Une grosse commission d’enquête eut lieu.  Les plus éminents professionnels du temps étudient toute l’affaire: entre autres le coroner McMahon et les médecins légistes McTaggart et Wilfrid Derome.  Toutes sortes de rumeurs circulent: on dit qu’un homme a été vu tout juste avant l’incendie, en train de courir vers le fleuve, le visage caché par les mains.  On le cherche, mais en vain.  On parle aussi d’un inspecteur qui , après l’étude des lieux, émet la théorie qu’une étincelle aurait fait enflammer le moteur du manège “Mystic Rill”.  D’autres parlent d’un fumeur négligent.  Malgré tout, la cause de l’incendie ne sera jamais déterminée et le Parc Dominion ne sera pas tenu responsable de l’incendie.  Le père d’une victime poursuivra tout de même la compagnie puisque les manèges étaient apparemment faits d’un bois léger, très inflammable et enduit de goudron séché.
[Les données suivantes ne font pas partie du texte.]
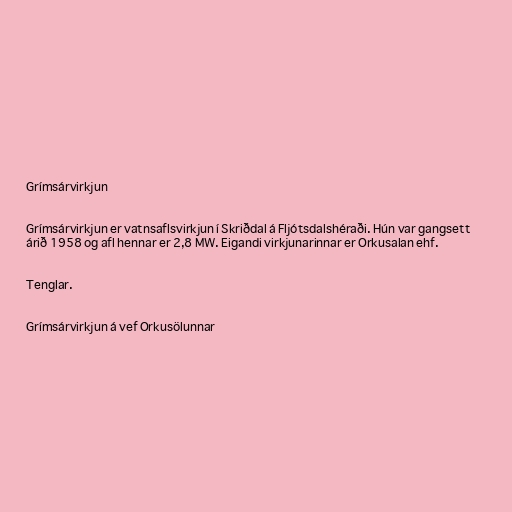
Grímsárvirkjun

Grímsárvirkjun er vatnsaflsvirkjun í Skriðdal á Fljótsdalshéraði. Hún var gangsett
árið 1958 og afl hennar er 2,8 MW. Eigandi virkjunarinnar er Orkusalan ehf.

Tenglar.

Grímsárvirkjun á vef Orkusölunnar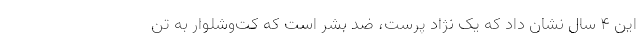
این 4 سال نشان داد که یک نژاد پرست، ضد بشر است که کت‌وشلوار به تن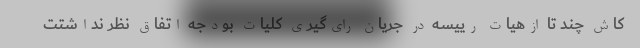
کاش چند تا ازهیات رییسه در جریان رای‌گیری کلیات بودجه اتفاق نظر نداشتت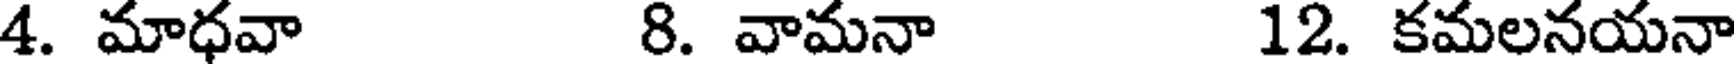
4. మాధవా 8. వామనా 12. కమలనయనా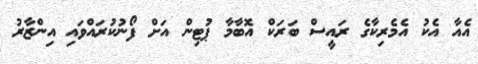
އެއާ އެކު އެމެރިކާގެ ރައީސް ބަރަކް އޮބާމާ ޕުޓިން އަށް ފޯނުކުރައްވައި އިންޒާރު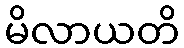
မိလာယတိ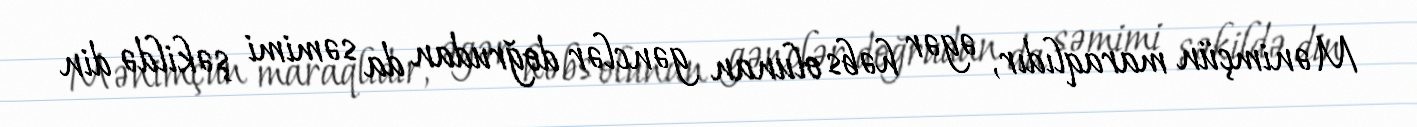
Mənimçün maraqlıdır, əgər həbs olunan gənclər doğrudan da səmimi şəkildə din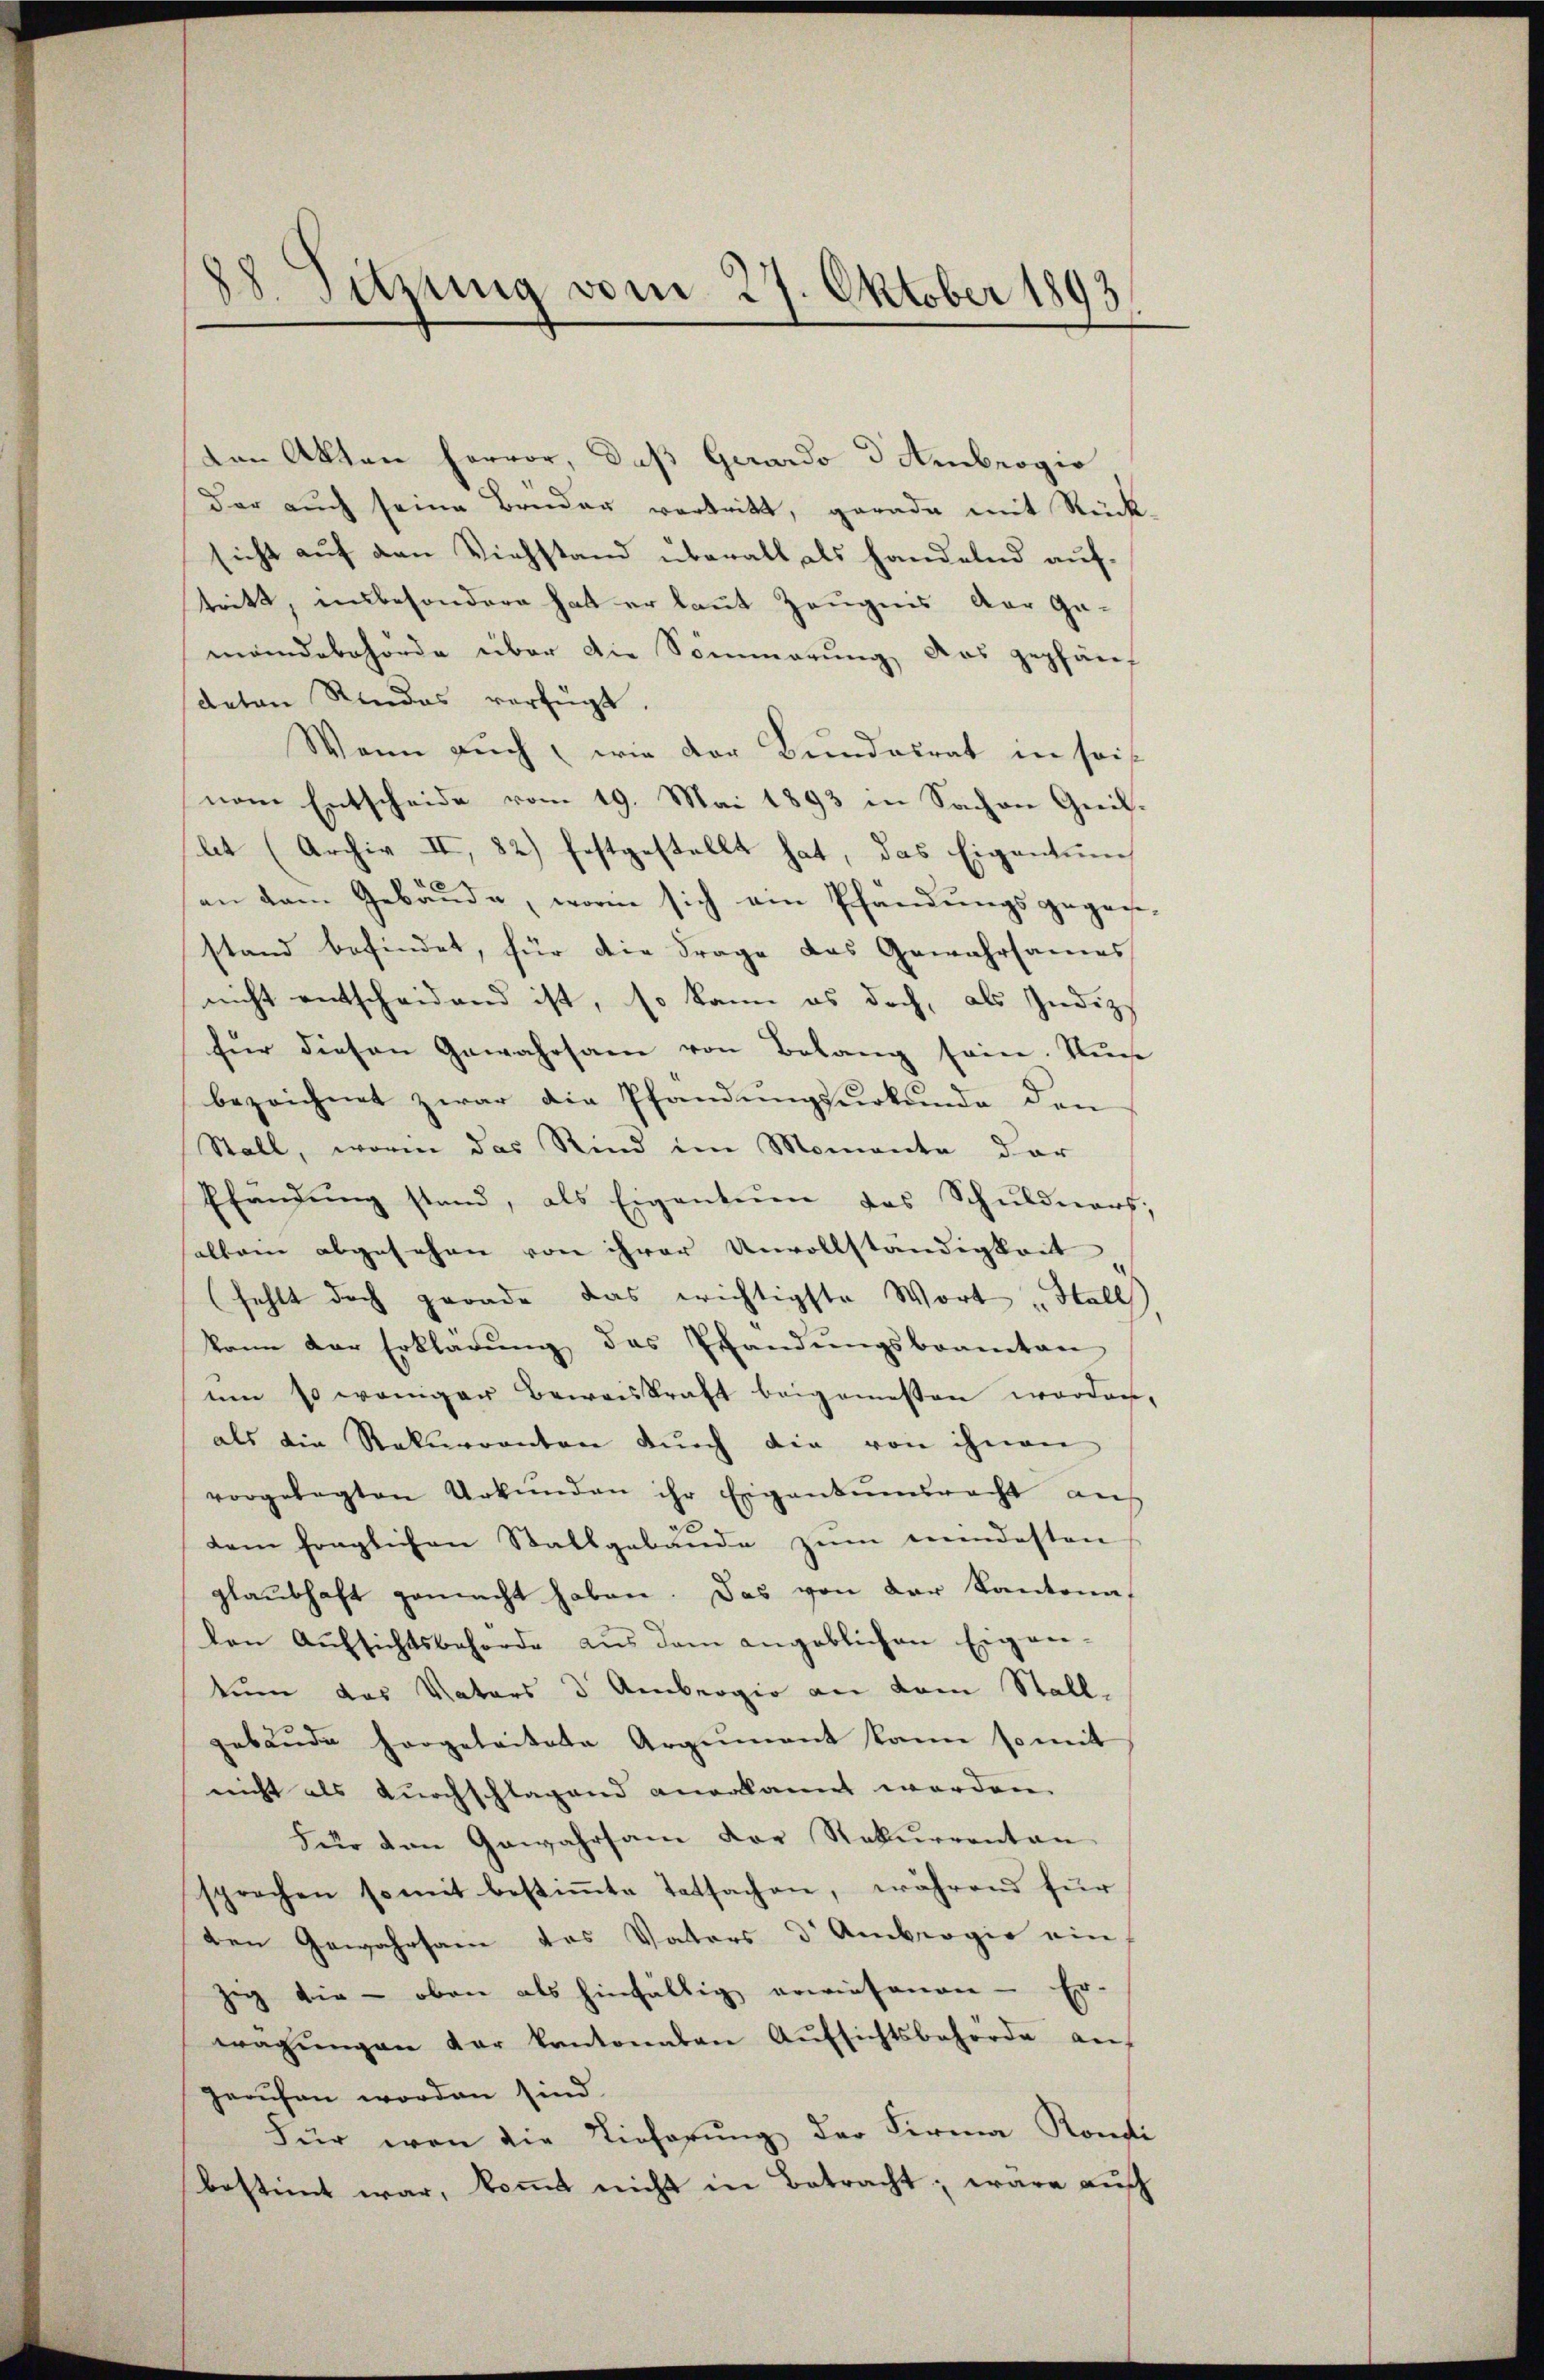
18. Sitzung vom 27. Oktober 1893

den Akten hervor, daß Gerardo d Ambrogio
der auch seine Brüder vortritt, gerade mit Rück
sicht auf den Viehstand überall als handelnd auftritt, unbesondere hat er laut Zeugnis der Ge-
mandebehörde über die Sommerung das gepfänf
deten Rindes verfügt.
Wann auch, wie der Bundesrat in seinem Entscheide vom 19. Mai 1893 in Sachen Greiflt (Archiv II, 82) festgestellt hat, das Eigentum
an dem Gebäŭde, worin sich ein Pfandŭngsgegen-
stand befindet, für die Frage das Gewahrsames
nicht entscheidend ist, so kann es doch, als Indiz
für diesen Gewahrsam von Belang sein. Nun
bezeichnet zwar die Pfändungsurkunde den
Stall, worin das Rind im Momente dar
Ehŭndŭng stand, als Eigentuen das Schuldners,
allein abgesehen von ihrer Unvollständigkeit
(fehlt doch gerade das erichtigste Wort „Stall
kann der Erklärŭng das Pfandŭngsbeamten
um so weniger Beweiskraft beigemessen worden,
als die Rekurrenten dŭrch die von ihnen
vorgelegten Urkŭnden ihr Eigentumsrecht auf
dem fraglichen Stallgebäude zum mindesten
glaubhaft gemacht haben. Das von der Kantona
den Aŭfsichtsbehörde aus dem angeblichen Eigen-
tum das Vaters 3 Ambergio an dem Stallgebäude hergeleitete Argument kann so mit
nicht als durchschlagend anerkannt werden.
Für den Gewahrsam der Rekurrenten
sprochen somit bestiṁte Tatsachen, während für
den Gewahrsam das Vaters d. Ambergie ein
zeg die - oben als hinfällig erwiesenen Er-
wagŭngen der kantonalen Aŭfsichtsbehörde aŭf
gerufen worden sind.
Für von die Tieferŭng der Firma Konfli
bestimmt war, kommt nicht in Betracht, wäre auch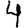
Digit: 4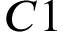
C 1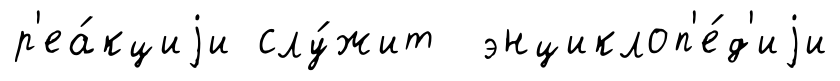
р'еа́кциjи слу́жит энциклоп'е́д'иjи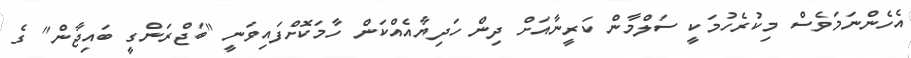
އެހެންނަމަވެސް މިކުރެހުމަކީ ސަލްމާން ކަރީނާއަށް ދިން ހަދިޔާއެއްކަން ހާމަކޮށްފައިވަނީ "ބަޖްރަންގީ ބައިޖާން" ގެ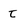
Character: t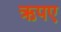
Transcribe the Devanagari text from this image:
ऋपए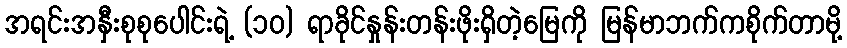
အရင်းအနှီးစုစုပေါင်းရဲ့ (၁၀) ရာခိုင်နှုန်းတန်းဖိုးရှိတဲ့မြေကို မြန်မာဘက်ကစိုက်တာမို့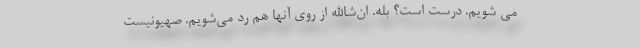
می شویم. درست است؟ بله. ان‌شاالله از روی آنها هم رد می‌شویم. صهیونیست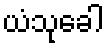
ယံသုခေါ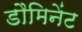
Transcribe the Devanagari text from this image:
डौमिनेंट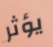
يؤثر

Publicité vu sur le groupe Facebook « Robert Carrière raconte », source: La Presse, 9 juin 1916, BAnQ

Encore une fois, le Parc Dominion fut reconstruit. Ses activités continueront à attirer des visiteurs jusqu’à son déclin dans les années 30.  Le parc ferme en 1937 alors que le Parc Belmont jouit d’une grande popularité à Montréal.

Aujourd’hui, plus rien à cet endroit ne laisse planer le moindre soupçon de toute cette intensité vécu sur ce petit bout de la rue Notre-Dame…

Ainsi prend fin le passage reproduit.